Парадоксально, но моя единственная надежда в моем несчастье сознавать, что я действительно перед великим Джозефом Эрнстом. Как бы то ни было, но человек, всю жизнь создававший себе репутацию, не станет рисковать из-за грошей Гольда. Но кто может быть уверен? Факт тот, что я не уверен больше в своем психиатре, как и он не уверен во мне; он наблюдает за мной уже три года, но по правде говоря, практически ничего обо мне не знает.
Все произошло по настоянию Джоан, три года назад, и я доверился жадным волосатым рукам герра доктора. На таких условиях жена согласилась продлить нашу супружескую жизнь, подошедшую, по её мнению, к своему пределу. Если психотерапия сможет восстановить наши узы брака, то мы будем продолжать играть в папу и маму. Так мы и играли годом больше, до страшного суда. Вплоть до дня решения: я - развожусь - нравится - это - тебе - или - нет.
Год верности в исповедальне Парк Авеню. Год, в течение которого я исповедовался доктору, а тот время от времени что-то бормотал, чтобы уведомить меня, что он слышит. Иногда, более или менее регулярно, он посматривал на часы. Естественно, я знал с первого же дня, когда мы с Джоан оказались в его кабинете, что он ужасно мне завидует. Физически - он почти карлик, неловкий увалень, в отличие от меня. В браке он связан узами супружескими со старой клячей, отец которой, как я понял, купил душу своего зятя, оплатив его учебу. В тот первый день и всякий раз, когда Джоан сопровождала меня в исповедальню, добряк доктор расправлял плечи, подбирал живот, и в глазах его читалось сластолюбие. Он ворковал, уставившись на мою жену, пуская слюни и склоняя голову в мою сторону, словно браня ребенка.
Завистлив, как вошь. Ведь он просыпался в своей постели среди ночи и узнавал кусок холодного и иссохшего мяса, к которому прижимался, не так ли?
Надежда вечна. По крайней мере я ещё не в руках полиции, пытающейся объяснить кровавый ужас в моей ванной комнате. Гольд все же может быть на моей стороне. Он воспользуется всеми средствами, чтобы до безумия протянуть судебную тяжбу.
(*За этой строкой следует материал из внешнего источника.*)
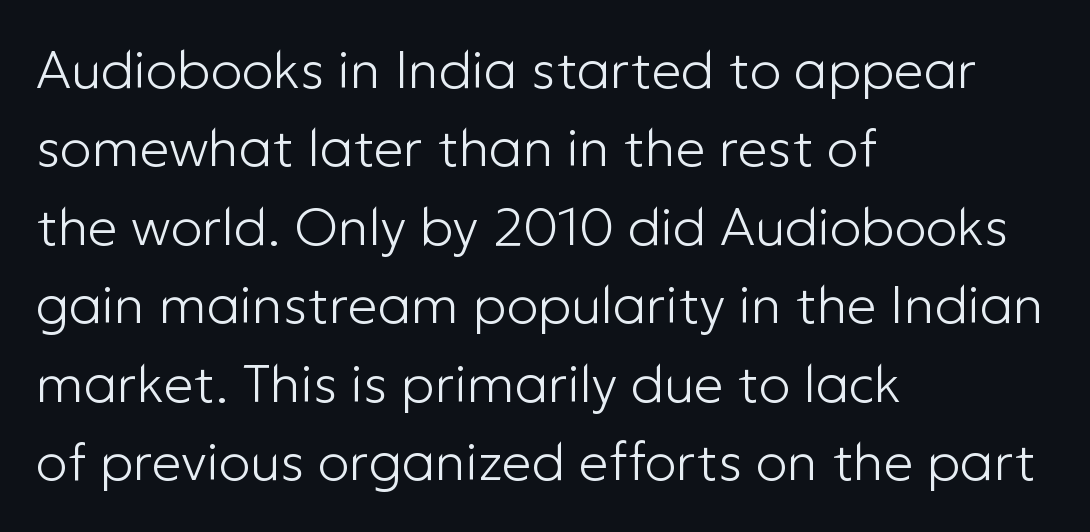
Q: Is the text bold? A: No.
Q: Is the text italic (slanted)? A: No, it is upright.
Q: Is the typeface a serif or a sans-serif typeface? A: Sans-serif.
Q: Is the text underlined? A: No.
Q: How is the paragraph aligned? A: Left-aligned.
Q: Is the spacing between letters normal or unusually wide? A: Normal.
Q: Is the spacing between lines tight, normal or loose? A: Normal.
Q: Width (condensed, normal, or wide)? A: Normal.
Q: Stroke contrast? A: Low.
Q: x-height? A: Medium.
Q: Monospaced? A: No.

Но по какому праву он считает меня виновным?
Доктор Эрнст почти ласково говорит мне:
- Питер, у вас склонность к мечтаниям. Ваши мысли разбрелись, вы следуете за ними, как мальчишка за бабочкой в высокой траве, все ближе и ближе подходя к обрыву. Это нехорошо. Я прошу вас сейчас сконцентрироваться на главных вещах.
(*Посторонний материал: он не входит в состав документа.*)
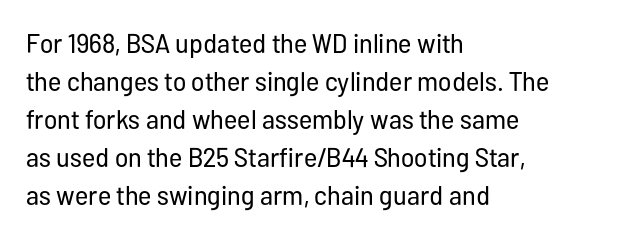
The designer left line spacing at the default. A classic flush-left, rag-right setting is used for this passage. The font sits on the lighter half of the weight spectrum, regular included. The letters stand straight up with perfectly vertical stems. No word sits above an underline.
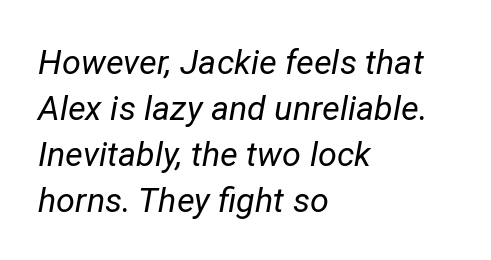
{"italic": "yes", "lean": "right", "slant_degrees": 12, "bold": "no", "weight": "regular", "width": "normal", "stroke_contrast": "low", "x_height": "medium", "monospaced": "no", "underline": "no", "align": "left", "line_spacing": "normal", "line_spacing_ratio": 1.35, "letter_spacing": "normal", "letter_spacing_em": 0.0, "glyph_px": 34}

- "Вы слышите? Айн, цвай, драй... вы концентрируетесь на главном. Медленно! Или немедленно!"
Внезапно проявляется его венский акцент. Я могу поклясться, что он наигран. Говорят, что он брал уроки у отставного официанта из кондитерской Пратера. Если взглянуть на Alte Wien герра доктора, я могу поклясться, что вскроется чистейшая жила alte Бруклин.
Я опять приподнимаюсь, борюсь с повязкой, обхватившей мою грудь.
- Не очень-то легко сконцентрироваться вот так привязанным, доктор.